Motion Sickness Prevention
Timing matters more than the specific medication when it comes to motion sickness. A scopolamine patch, which goes behind the ear, works best when applied 8 to 16 hours before travel. Applying it less than 4 hours beforehand produces significantly less benefit. Oral antihistamines like dimenhydrinate need less lead time, typically taken about 1.5 to 2 hours before exposure to motion.
This means planning ahead. If you’re boarding a cruise ship in the morning, the patch should go on the night before. If you’re taking a car trip and using Dramamine, dosing about two hours before departure gives you the best window. Both options cause some drowsiness, though scopolamine also commonly causes dry mouth.
Pregnancy Nausea
Morning sickness has its own specific treatment approach. The combination of vitamin B6 and doxylamine (a mild antihistamine found in some OTC sleep aids) is the standard first-line therapy recommended by the American College of Obstetricians and Gynecologists. Doxylamine is available over the counter. Half of a scored 25-milligram tablet provides a 12.5-milligram dose. This combination has a long safety record in pregnancy and works on the nausea pathways without posing known risks to the fetus.
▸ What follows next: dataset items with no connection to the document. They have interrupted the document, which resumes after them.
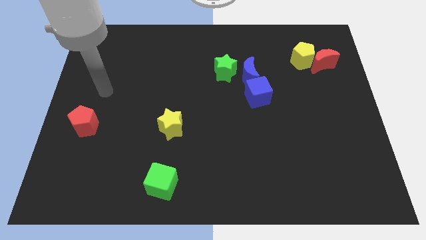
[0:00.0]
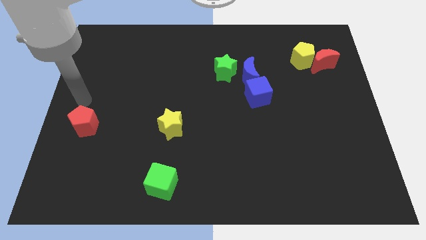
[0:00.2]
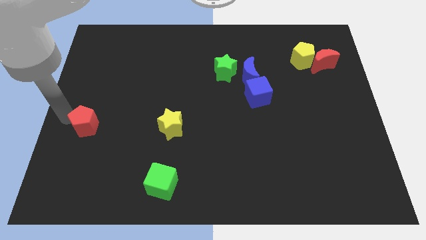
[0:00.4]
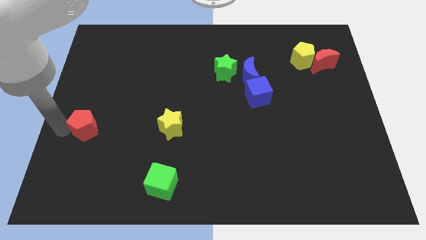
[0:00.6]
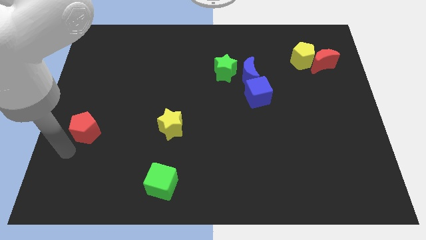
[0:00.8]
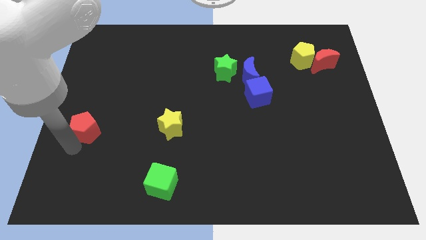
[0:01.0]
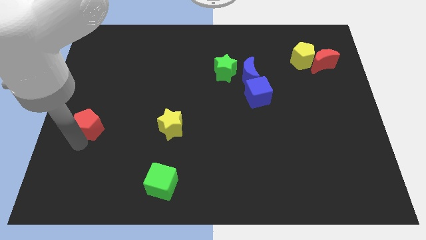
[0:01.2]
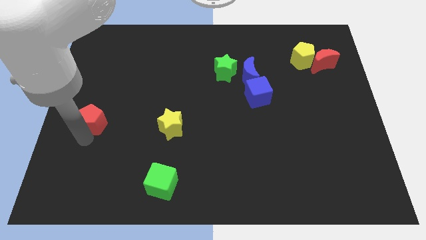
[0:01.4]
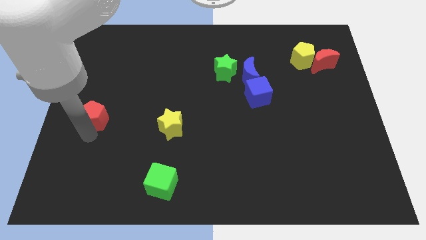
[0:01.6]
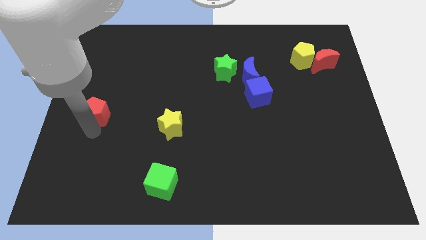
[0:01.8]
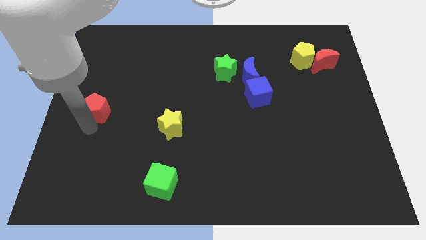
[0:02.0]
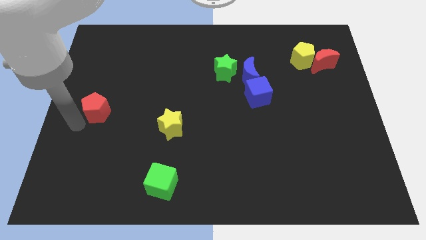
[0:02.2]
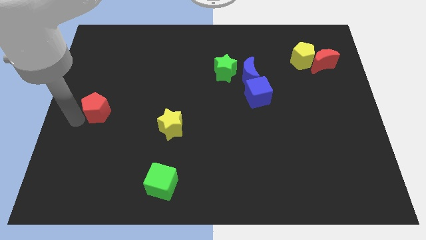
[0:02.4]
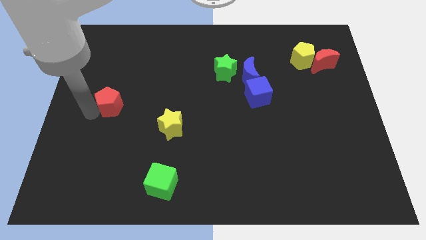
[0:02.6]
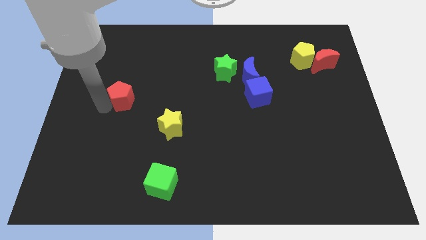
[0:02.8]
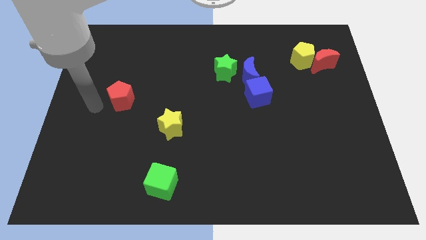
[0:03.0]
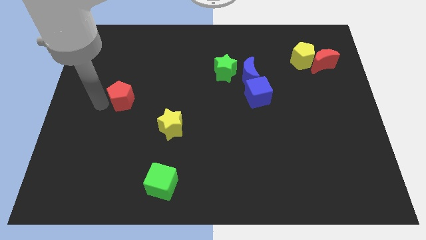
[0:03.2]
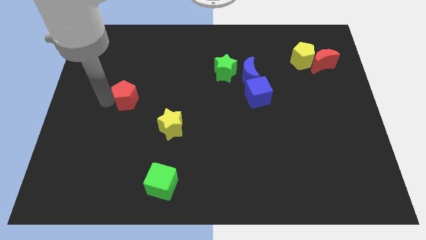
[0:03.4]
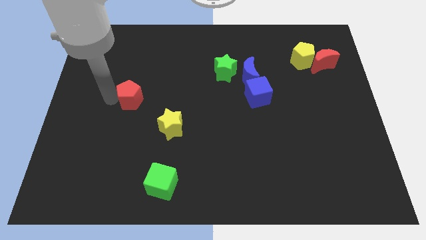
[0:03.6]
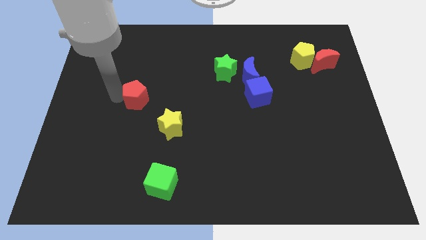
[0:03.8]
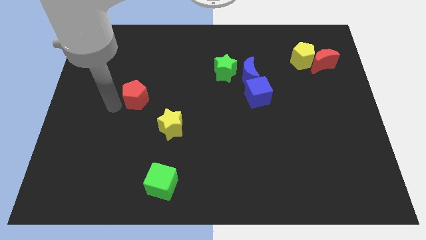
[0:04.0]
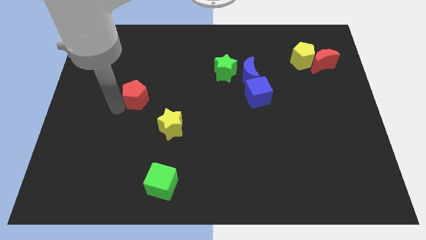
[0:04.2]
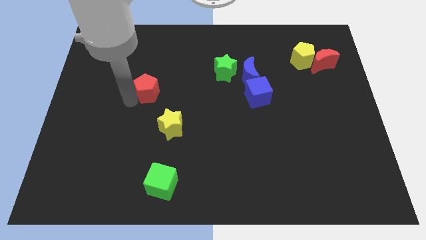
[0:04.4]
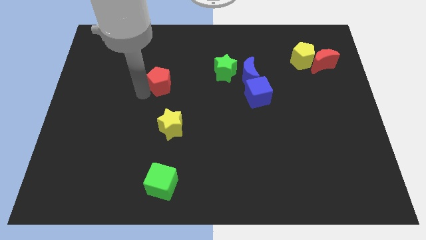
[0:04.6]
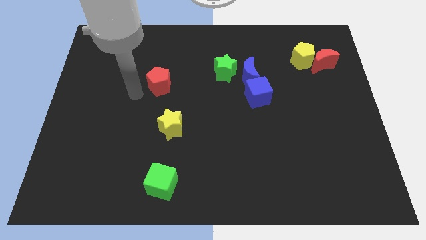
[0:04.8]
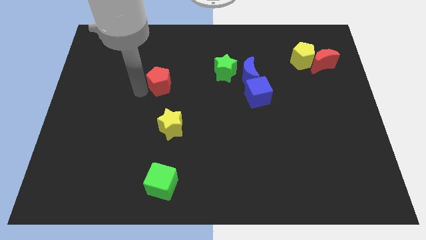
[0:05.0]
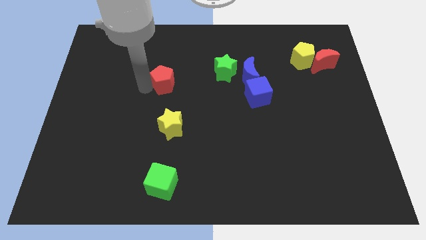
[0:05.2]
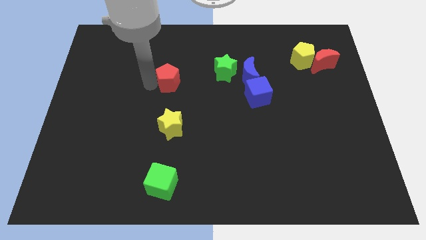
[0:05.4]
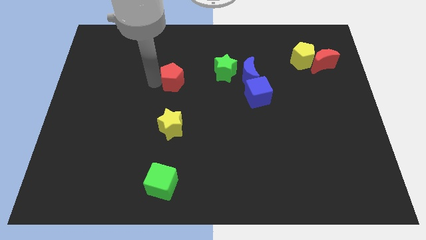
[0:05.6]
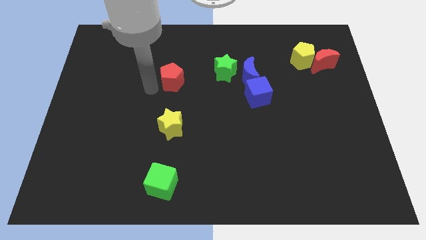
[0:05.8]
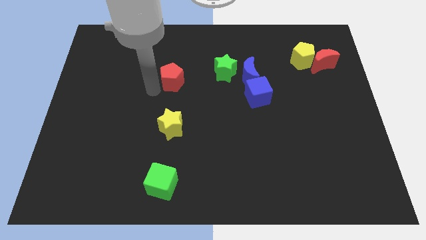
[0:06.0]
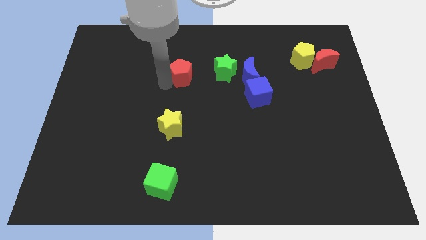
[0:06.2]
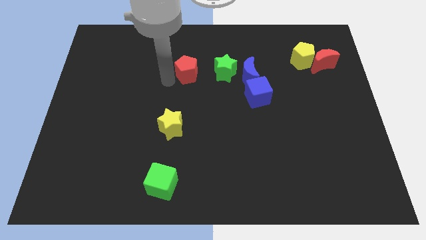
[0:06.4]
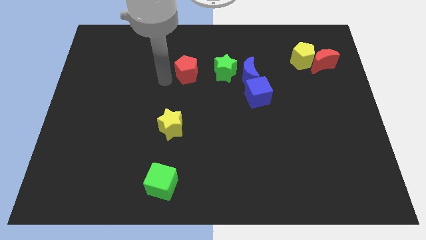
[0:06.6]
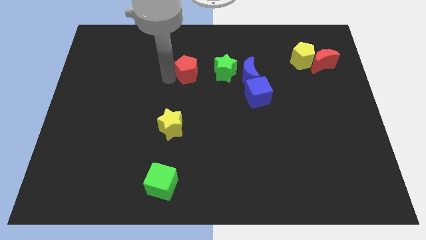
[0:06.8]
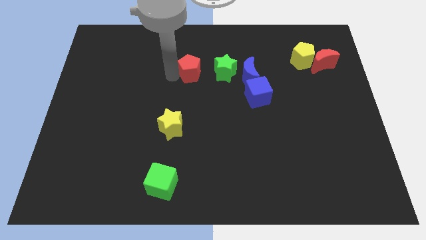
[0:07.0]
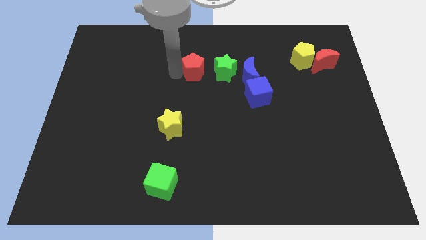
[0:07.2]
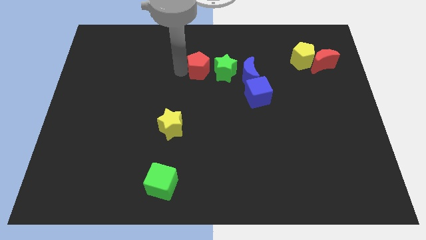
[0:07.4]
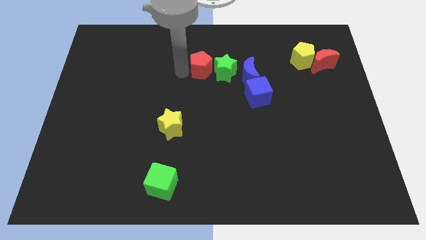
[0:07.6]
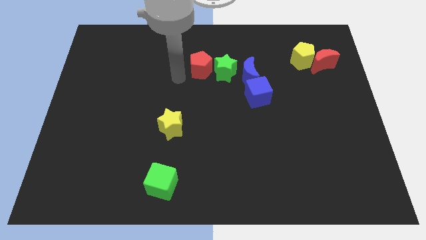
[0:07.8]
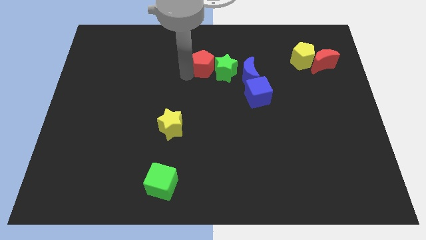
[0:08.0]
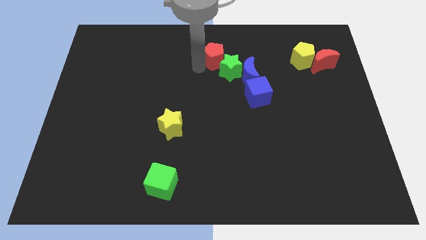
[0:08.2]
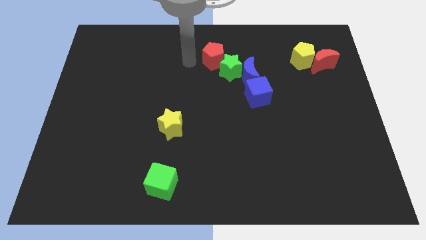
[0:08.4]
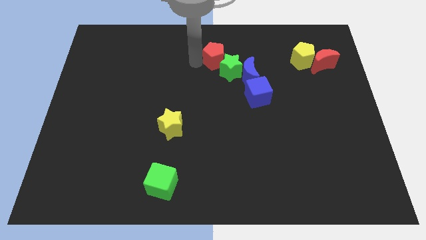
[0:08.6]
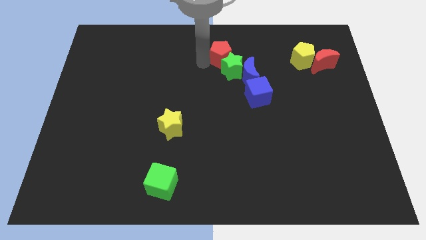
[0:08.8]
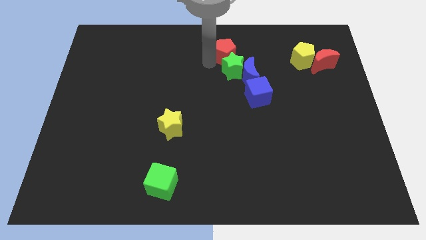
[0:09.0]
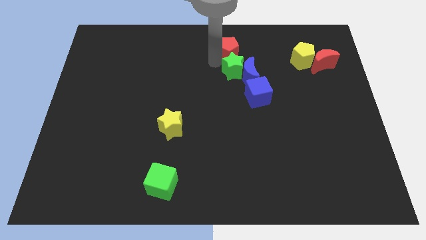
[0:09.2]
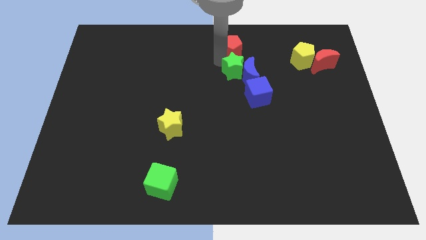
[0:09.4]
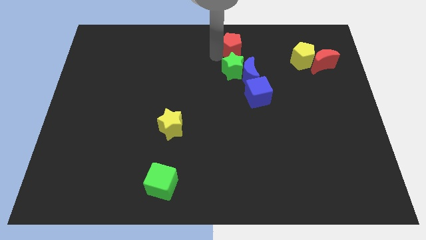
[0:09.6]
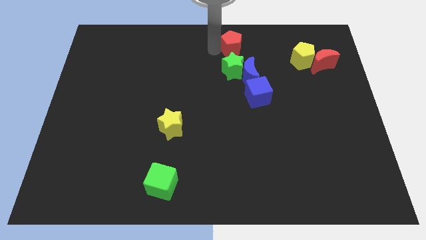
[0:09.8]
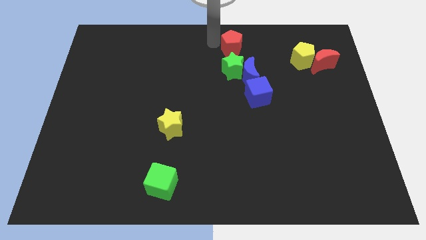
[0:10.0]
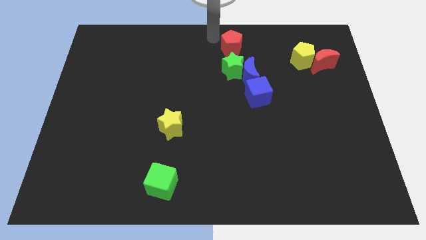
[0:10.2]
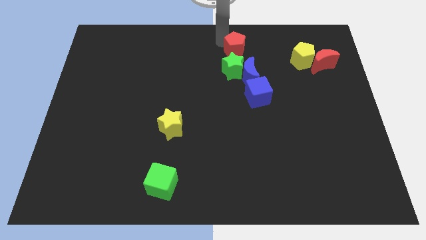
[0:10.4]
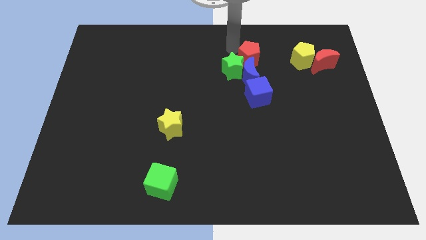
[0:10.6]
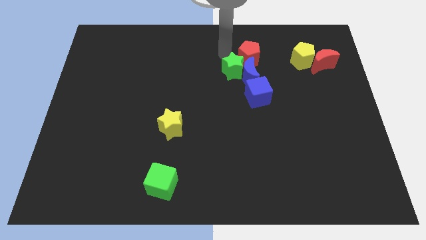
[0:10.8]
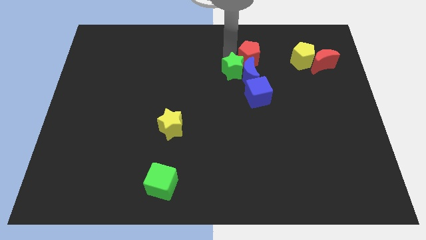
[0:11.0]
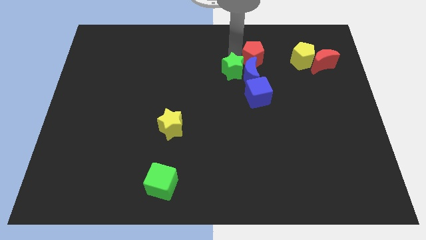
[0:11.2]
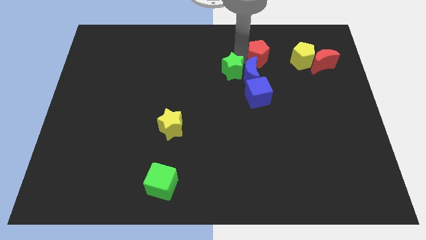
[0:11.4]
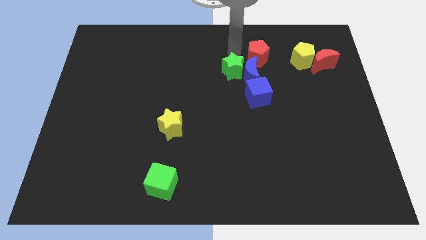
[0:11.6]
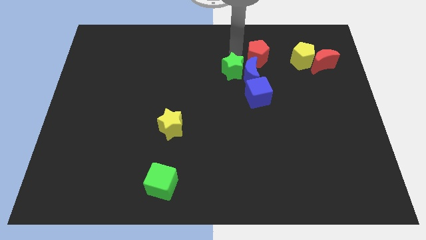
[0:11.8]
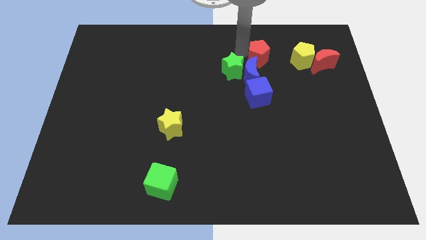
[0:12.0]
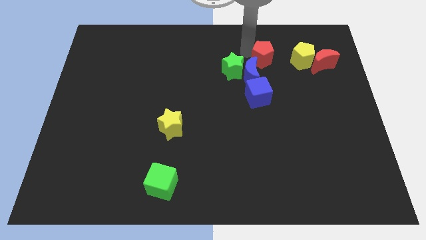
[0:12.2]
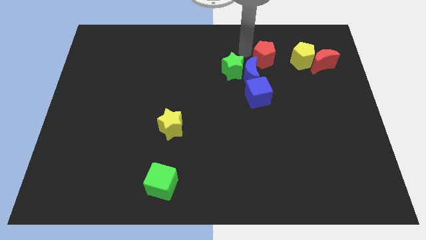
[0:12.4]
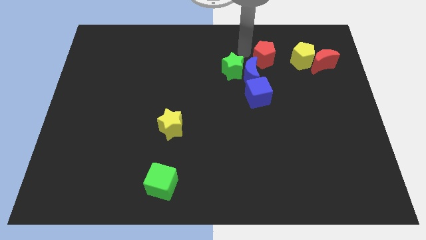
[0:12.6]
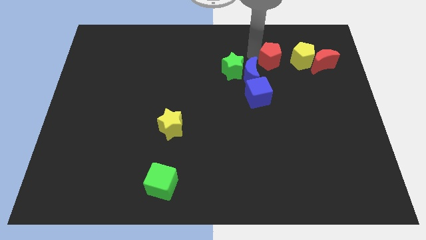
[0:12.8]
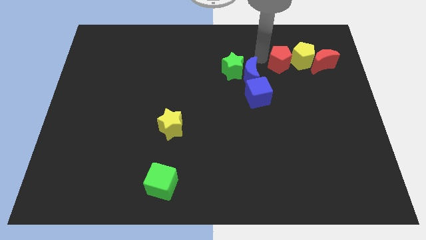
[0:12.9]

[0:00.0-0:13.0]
move the red pentagon towards the yellow pentagon

Many people find that eating small, frequent meals and keeping crackers at the bedside for early morning also helps. Cold or room-temperature foods tend to be better tolerated than hot meals, since heat intensifies food smells that can trigger nausea.
Warning Signs That Need Medical Attention
Most nausea and vomiting resolves within a day or two. But certain signs indicate something more serious. Not urinating for more than 12 hours is a reliable marker of significant dehydration. Other physical signs include skin that stays tented when you pinch it, sunken eyes, and a dry mouth with no saliva. Rapid heart rate, worsening abdominal pain, or a fever alongside persistent vomiting can point to an infection or surgical emergency. Vomit that contains blood or looks like coffee grounds, or vomiting that won’t stop regardless of what you try, warrants prompt evaluation.